In tutto questo, è quasi naturale che Wilde additi Gesù come modello non solo per ogni vita ma anche per ogni arte. “Riconosco una più intima ed immediata connessione tra la vera vita di Cristo e la vera vita dell’artista […].” In questa meravigliosa accettazione del mondo “al di là del bene e del male”, in questo amor fati, Wilde arriva anche a formulare una sua personale teodicea: egli dice che Dio, pur essendo buono, permette il dolore perché è solo mediante al dolore che si può pervenire all’amore:

[…] se il mondo è stato, come ho già detto, costruito sul dolore, le mani dell’amore ne sono state l’artefice: l’anima dell’uomo, infatti, per cui il mondo è stato creato, non avrebbe potuto in nessun altro modo raggiungere le vette della sua perfezione. Piacere per il corpo bello, ma dolore per l’anima bella.
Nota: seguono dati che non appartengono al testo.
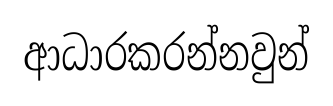
ආධාරකරන්නවුන්

È un messaggio difficile da ricevere oggi: che ne sappiamo, noi figli del benessere, di che sia la vera sofferenza? Ma tentare di accettare ed affrontare la vita, anche nei suoi rischi e nelle sue privazioni; cercare di mostrarsi anche con le proprie fragilità e le proprie ferite è forse l’unico modo di vivere davvero, di essere davvero se stessi, di dare un senso ai propri giorni ed ai propri incontri, di non circondarci solo di persone che ci abbandonerebbero se non fossimo più “su un piedistallo”. È questa anche l’esortazione suprema e finale che fa Wilde a Lord Douglas, il ragazzo che pure l’aveva così vergognosamente amareggiato: di non eludere né scansare le preoccupazioni e le difficoltà, rinchiudendosi nella protezione della madre o nel suo delirio narcisistico, infantile ed isterico, ma affrontare queste difficoltà, attraversare “la polvere”, per scoprire la sua vera identità, per conoscere finalmente se stesso, oltre alle maschere e alle apparenze dietro cui si nascondeva. Forse così anche il loro rapporto, così misero ed infelice, avrebbe potuto assumere un senso nella comprensione di quest’eredità profonda.

Venisti da me per conoscere i piaceri della vita e i piaceri dell’arte. Forse io sono destinato a insegnarti una cosa assai più splendida: il significato del dolore, la sua bellezza.